Their simple, flexible, and schema-free structure is a fundamental difference.

Instead of tables, NoSQL databases rely on key-value pairs.

Various NoSQL data store types exist, including column store, document store, key value store, graph store, object store, XML store, and more.

Typically, each database value has a corresponding key. Some NoSQL databases even allow developers to store serialized objects beyond simple strings.

Open-source NoSQL databases eliminate expensive licensing fees and run on affordable hardware, making them cost-effective to deploy.

Expansion is also simpler and more economical with NoSQL databases, whether open-source or proprietary. Horizontal scaling distributes the load across nodes, unlike the vertical scaling typical of relational databases, which involves replacing the main host with a more powerful one.

Disadvantages

NoSQL databases are not without their limitations and are not always the ideal solution.

One drawback is that most lack the reliability features inherent in relational database systems, such as atomicity, consistency, isolation, and durability. This means that NoSQL databases often prioritize performance and scalability over consistency.

To ensure reliability and consistency, developers must implement custom code, increasing system complexity.

This may restrict the use of NoSQL databases in applications requiring secure and reliable transactions, such as banking systems.

Other complexities include incompatibility with SQL queries, necessitating manual or proprietary querying languages, which adds time and complexity.

NoSQL vs. Relational Databases

This table provides a concise feature comparison between NoSQL and relational databases:

Feature	NoSQL Databases	Relational Databases
Performance	High	Low
Reliability	Poor	Good
Availability	Good	Good
Consistency	Poor	Good
Data Storage	Optimized for huge data	Medium sized to large
Scalability	High	High (but more expensive)

Importantly, this comparison focuses on the database level, not the specific database management systems implementing each model. These systems often incorporate proprietary techniques to address limitations and enhance performance and reliability.

NoSQL Data Store Types

Key Value Store

Key Value stores utilize a hash table where unique keys point to specific items.

Keys can be organized into logical groups, with uniqueness required only within the group, allowing identical keys in different logical groups.

Key	Value
"Belfast"	{“University of Ulster, Belfast campus, York Street, Belfast, BT15 1ED”}
“Coleraine"	{“University of Ulster, Coleraine campus, Cromore Road, Co. Londonderry, BT52 1SA”}

Some key-value stores implement caching mechanisms for significant performance improvements.

Accessing stored items requires only the key. Data is stored as strings, JSON, or BLOBs (Binary Large Objects).

A significant drawback of this database type is the lack of database-level consistency. While developers can address this with custom code, it increases effort, complexity, and time.

Amazon’s DynamoDB is a prominent example of a key-value store NoSQL database.

Document Store

Document stores resemble key-value stores in their schema-less nature and key-value model, sharing many advantages and disadvantages. Both lack inherent database-level consistency, requiring applications to implement reliability and consistency features.

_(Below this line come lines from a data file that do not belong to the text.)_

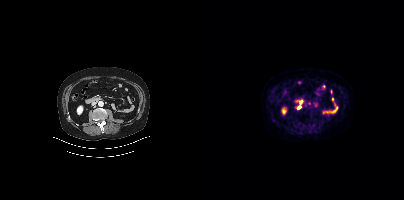
Left: CT. Right: PSMA PET, same axial level, [18F]PSMA-1007 tracer. Acquired on Siemens Biograph mCT Flow 20. Coordinates are on the 200×200 PET (right) panel. Small PSMA-avid foci (2 to 4 px across) near (center x, center y): (95, 107) (97, 102).
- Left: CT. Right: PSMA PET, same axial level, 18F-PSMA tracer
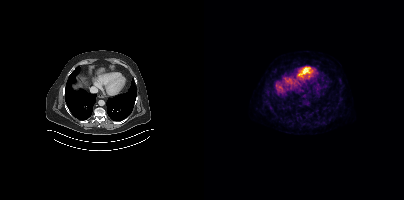
Findings: Coordinates are on the 200×200 PET (right) panel. Small PSMA-avid focus (2 to 4 px across) near (center x, center y): (136, 97).
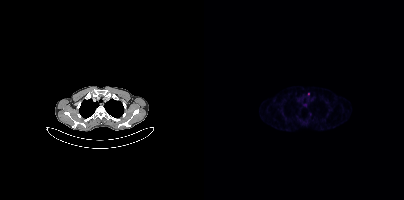
Coordinates are on the 200×200 PET (right) panel. Small PSMA-avid focus (2 to 4 px across) near (center x, center y): (104, 93). Left: CT. Right: PSMA PET, same axial level, 68Ga-PSMA tracer. Slice position z = -1154 mm.
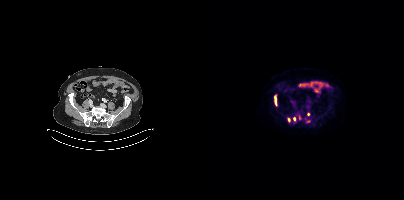
Coordinates are on the 200×200 PET (right) panel. PSMA-avid tumor lesion bounding boxes (x0,y0,x1,y1): [70,95,73,105] [89,117,91,121] [83,118,86,122]. Small PSMA-avid foci (2 to 4 px across) near (center x, center y): (104, 114) (95, 117) (104, 121). Paired axial CT (left) and PSMA PET (right), [18F]PSMA-1007 tracer. Acquired on Siemens Biograph mCT Flow 20. PET panel 200×200 px (4.1 mm/px).
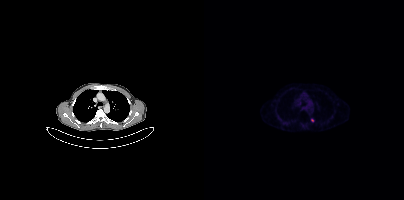
Coordinates are on the 200×200 PET (right) panel. Small PSMA-avid focus (2 to 4 px across) near (center x, center y): (108, 120).
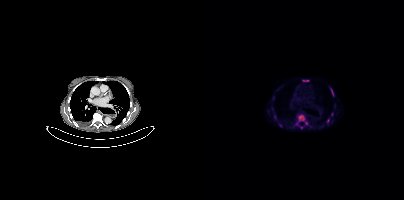
Coordinates are on the 200×200 PET (right) panel. (showing 8 of 10 foci) PSMA-avid tumor lesion bounding boxes (x0, y0)-(x1, y1): (94, 115)-(100, 121) / (126, 88)-(129, 95) / (99, 80)-(104, 81). Small PSMA-avid foci (2 to 4 px across) near (center x, center y): (124, 120) / (102, 123) / (69, 97) / (97, 127) / (92, 123). Paired axial CT (left) and PSMA PET (right), 18F-PSMA tracer.
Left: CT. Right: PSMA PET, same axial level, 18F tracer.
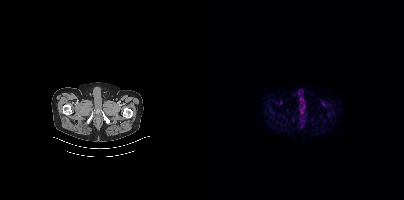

However, key differences exist.

Document stores encode stored data (documents) in formats like XML, JSON, or BSON (Binary encoded JSON).

Querying based on data content is also possible.

MongoDB is a widely used database application based on a Document Store.

Column Store

Column store databases organize data into columns rather than rows, unlike most relational database management systems.

They consist of one or more Column Families logically grouping specific database columns. A key identifies and points to multiple columns, with a keyspace attribute defining the key’s scope. Each column contains comma-separated tuples of names and values.

Column stores excel at fast read/write access. Rows corresponding to a single column are stored as a single disk entry, accelerating read/write operations.

Popular column store databases include Google’s BigTable, HBase, and Cassandra.

Graph Base

Graph base NoSQL databases represent data using a directed graph structure composed of edges and nodes.

Formally, a graph represents a set of objects with links connecting some pairs. Interconnected objects are represented as vertices, and the links are edges. The vertices and connecting edges constitute the graph.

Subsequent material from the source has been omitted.